▶ Task: Once the pictures are set aside, transcribe the remaining data exactly.

[Recorded data Boundary: Start]

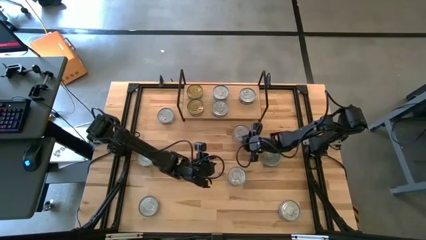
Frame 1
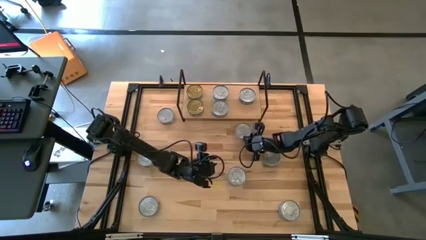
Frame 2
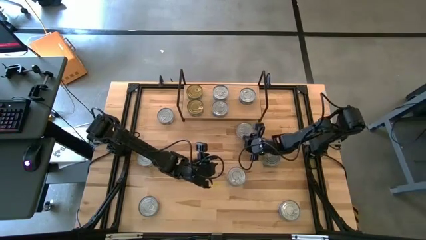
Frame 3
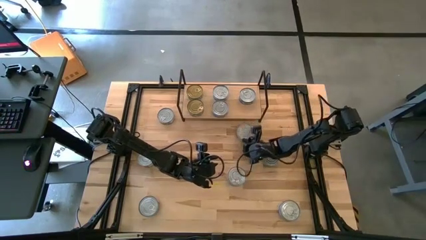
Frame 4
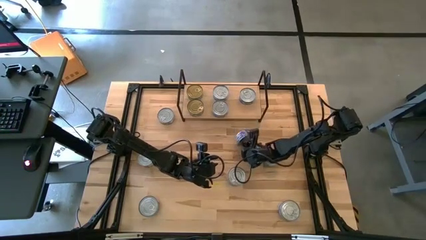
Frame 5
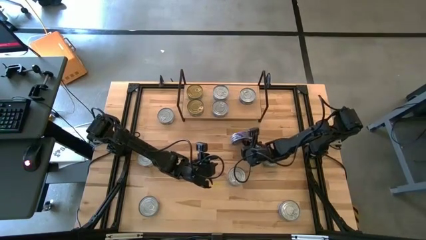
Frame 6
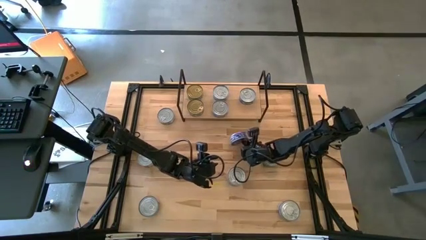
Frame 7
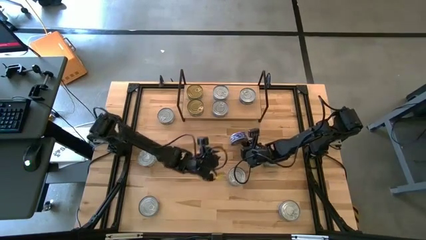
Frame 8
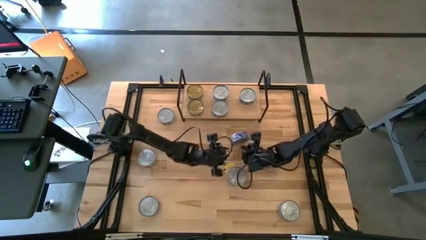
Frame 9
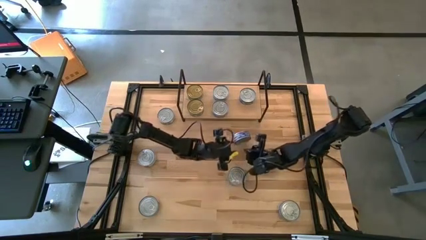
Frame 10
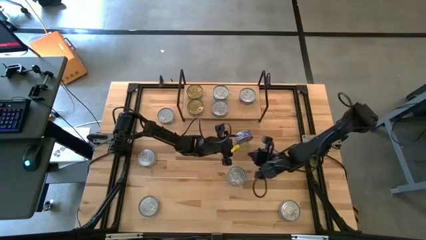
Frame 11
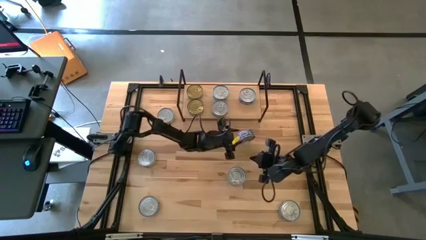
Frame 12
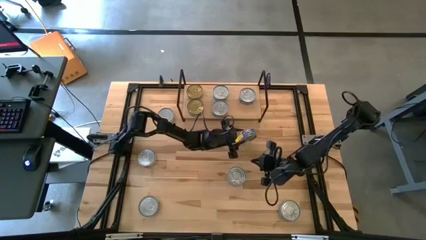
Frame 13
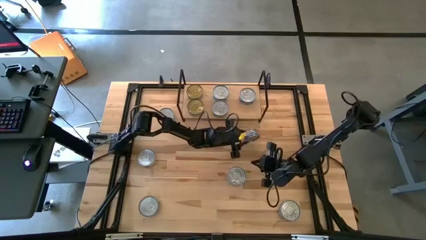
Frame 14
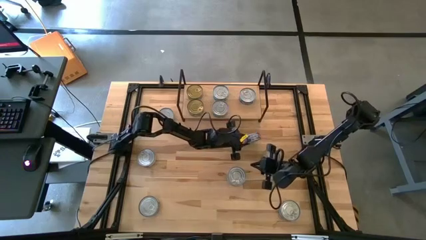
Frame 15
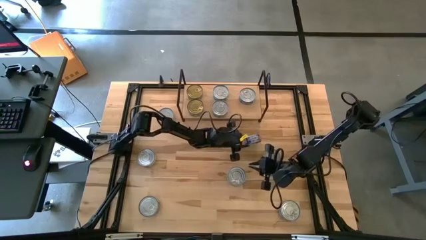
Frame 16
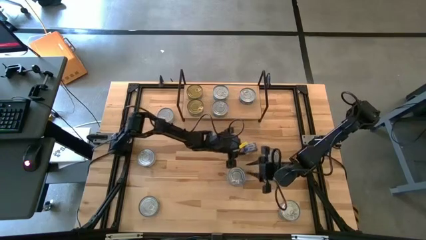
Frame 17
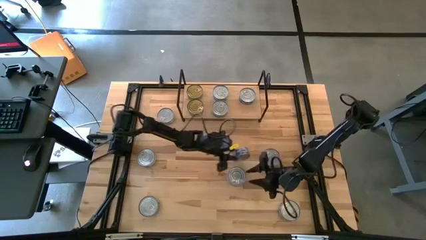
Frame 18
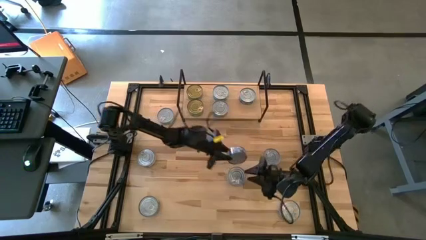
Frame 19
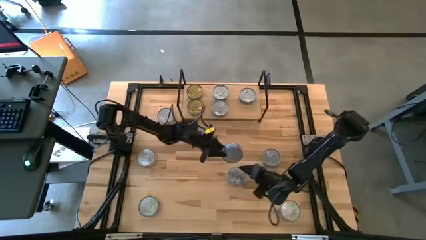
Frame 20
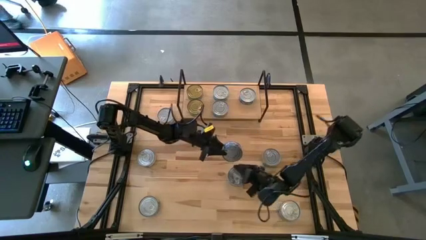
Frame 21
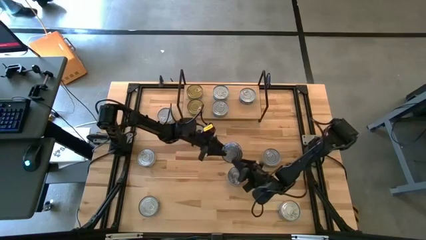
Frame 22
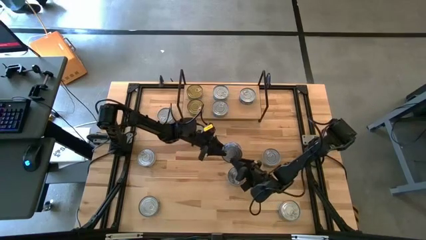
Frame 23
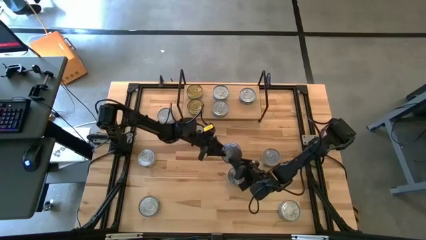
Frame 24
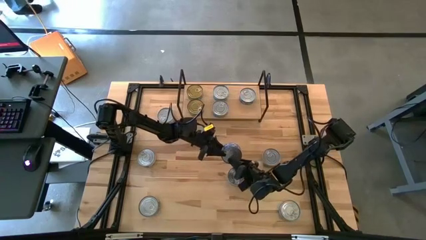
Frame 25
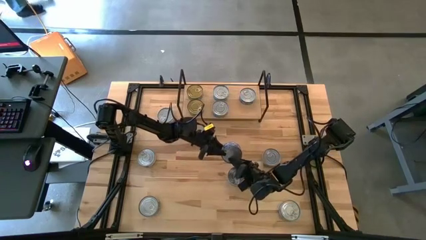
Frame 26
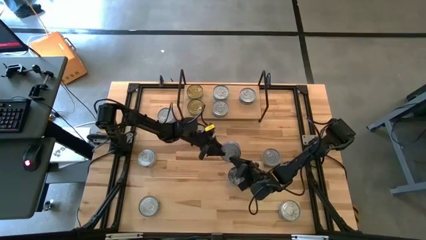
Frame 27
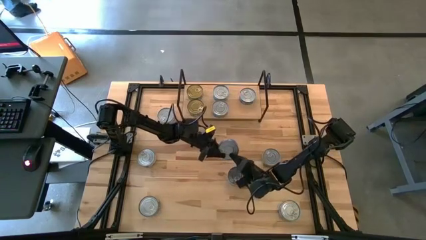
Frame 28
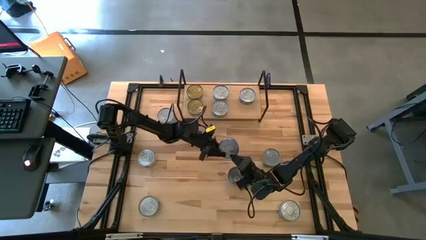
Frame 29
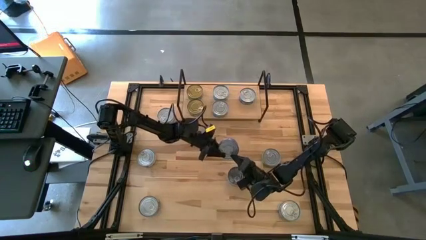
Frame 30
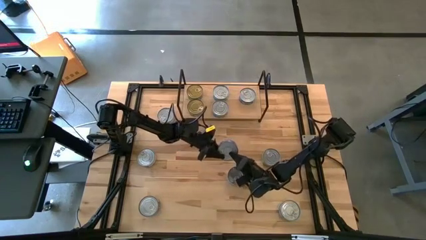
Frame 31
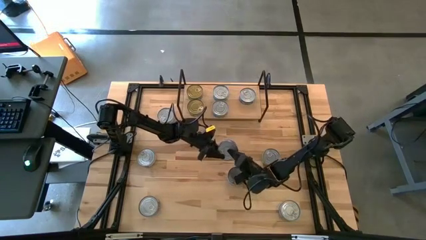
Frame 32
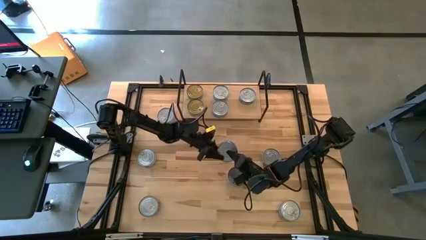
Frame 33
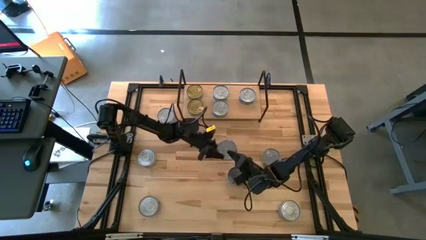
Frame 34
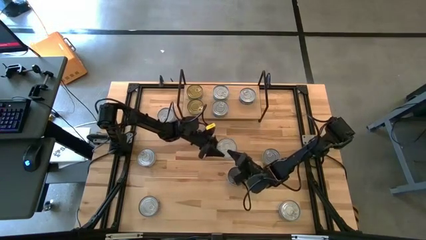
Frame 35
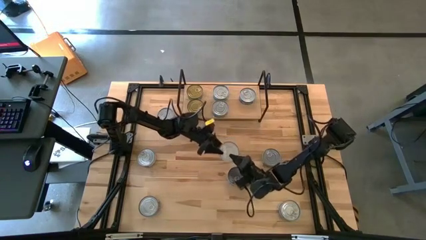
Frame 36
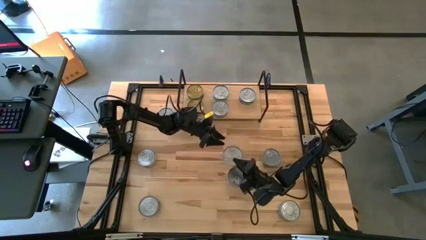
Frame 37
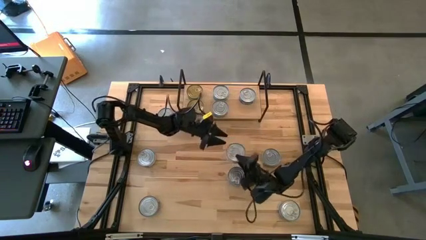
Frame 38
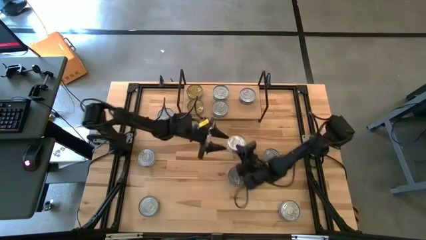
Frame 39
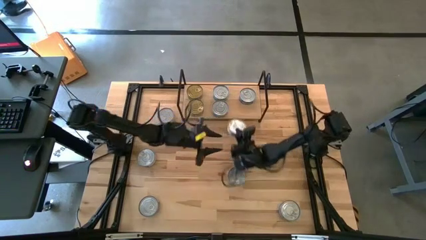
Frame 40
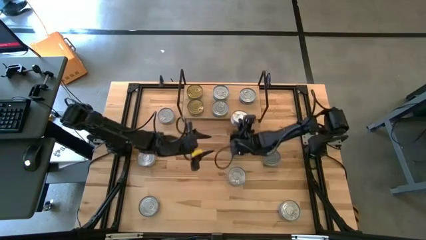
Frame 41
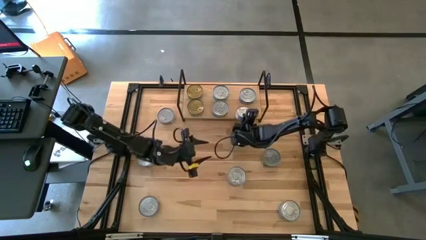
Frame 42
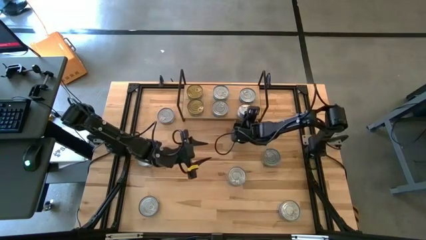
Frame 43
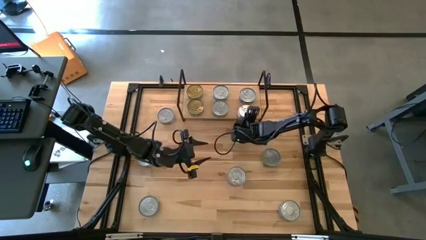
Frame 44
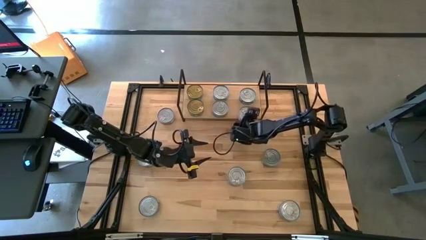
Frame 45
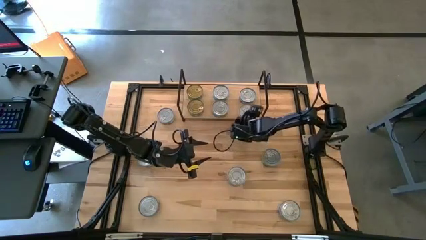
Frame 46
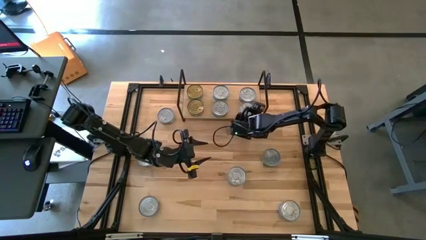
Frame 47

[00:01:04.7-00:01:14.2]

[Recorded data Boundary: End]

▶ Expected answer:
Frame 1
Frame 2
Frame 3
Frame 4
Frame 5
Frame 6
Frame 7
Frame 8
Frame 9
Frame 10
Frame 11
Frame 12
Frame 13
Frame 14
Frame 15
Frame 16
Frame 17
Frame 18
Frame 19
Frame 20
Frame 21
Frame 22
Frame 23
Frame 24
Frame 25
Frame 26
Frame 27
Frame 28
Frame 29
Frame 30
Frame 31
Frame 32
Frame 33
Frame 34
Frame 35
Frame 36
Frame 37
Frame 38
Frame 39
Frame 40
Frame 41
Frame 42
Frame 43
Frame 44
Frame 45
Frame 46
Frame 47

[00:01:04.7-00:01:14.2]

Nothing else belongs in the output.